Ich habe mir schon unzählige library heruntergeladen und versucht in DEV-C++ einzubinden , entwerder über ein neues Projekt "Static Library" und dort das makefile angegeben und die restlichen ".h" mit Add to projekt hinzugefügt und dann auf "compilieren", doch dort bekomme ich immer eine Fehlermeldung.  

1.  WELCHE LIBRARY KÖNNT IHR MIR EMPFEHLEN UM DATEIEN ÜBER DAS FTP PROTOCOLL ZU VERSENDEN ****?

2. Gestern Abend bin ich auf dieses Seite gestossen http://www.codeproject.com/KB/IP/ftpclientclass.aspx hier wird aber von klassen gesprochen und nicht von lib.

3. WIE BINDE ICH DIE ".lib / .a / .h" DATEIEN richtig ein ? 

bin nun son seit gut 3 tagen an dem Problem dran , bin für jede hilfe dankbar ...


Freundliche Grüsse Miki


----------



## ComFreek (17. Oktober 2010)

Hallo,

erstmal würde ich dir eine andere IDE empfehlen, da diese schon sehr veraltet ist.

Trotzdem, zu deinen Fragen:

Eine Library ist eine Sammlung von Funktionen und Klassen, diese kann man entweder in die EXE einbinden (statische Lib) oder zu der EXE in den Ordner legen (dynamisch Lib; DLL).

Du musst die unter Projekteinstellungen irgendwo angeben und dann per #include die H-Dateien einbinden.


----------



## miki itz clutch (17. Oktober 2010)

danke für die antwort

meinst du mit IDE ein anderer compiler ? 

also eine dynmaische lib kann man bei anderen projekten wieder verwenden ? und mann muss sie en den ornder des compilers hinzufügen ? 
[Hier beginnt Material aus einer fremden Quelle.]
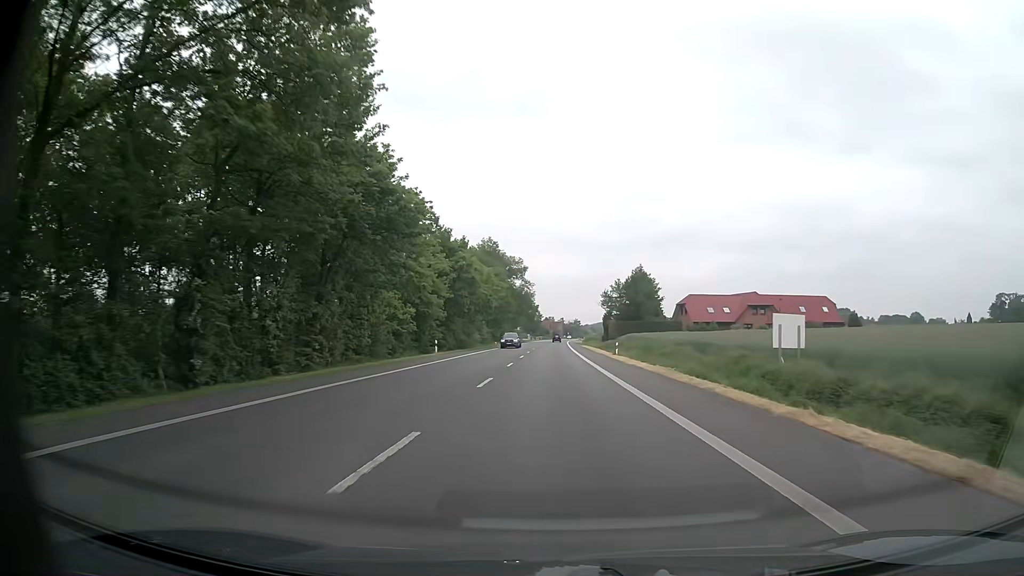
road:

eine statische lib muss ich beim projekt einfach mit "add to projekt" alle ".h" hinzugfügen und noch mit #incudle<**> angeben ? 

gruss miki


----------



## ComFreek (17. Oktober 2010)

Nein, eine IDE ist im Prinzip ein "Komplettpaket" zum Programmieren, sie umfasst einen Editor, Compiler, Projektmanger,....

Ich glaube, du hast den Vorgang beim Kompilieren nicht so ganz verstanden.
Zuerst werden deine Dateien (.cpp, .h) geparst und analysiert, danach wird Maschinencode draus gemacht (.obj-Dateien) und zum Schluss werden diese Dateien mit der Library verknüpft und zu einer EXE gemacht.



> also eine dynmaische lib kann man bei anderen projekten wieder verwenden ? und mann muss sie en den ornder des compilers hinzufügen ?


Eine dynamische Library (=DLL) kann von mehreren Programmen benutzt werden bzw. auf sie zugegriffen werden.
Eine statische Library wird hingegen in die EXE miteingebunden, sodass andere Programme nicht darauf zugreifen können.



> eine statische lib muss ich beim projekt einfach mit "add to projekt" alle ".h" hinzugfügen und noch mit #incudle<**> angeben ?


Das hängt von deiner IDE ab (bei dir Dev-C++).
Ich habe nicht mehr Dev-C++ und weiß das auch nicht mehr.
Aber auf jeden Fall muss du noch Library bekannt geben, wahrscheinlich unter Build-Options oder so.


----------



## Crash Kid (17. Oktober 2010)

Hallo,

um eine lib bei Dev-C++ einzubinden musst du unter "Projekt-Optionen" die Registerkarte "Parameter" auswählen und bei "Linker:" die lib angeben. Egal in welchem Ordner sie ist.

gruß


----------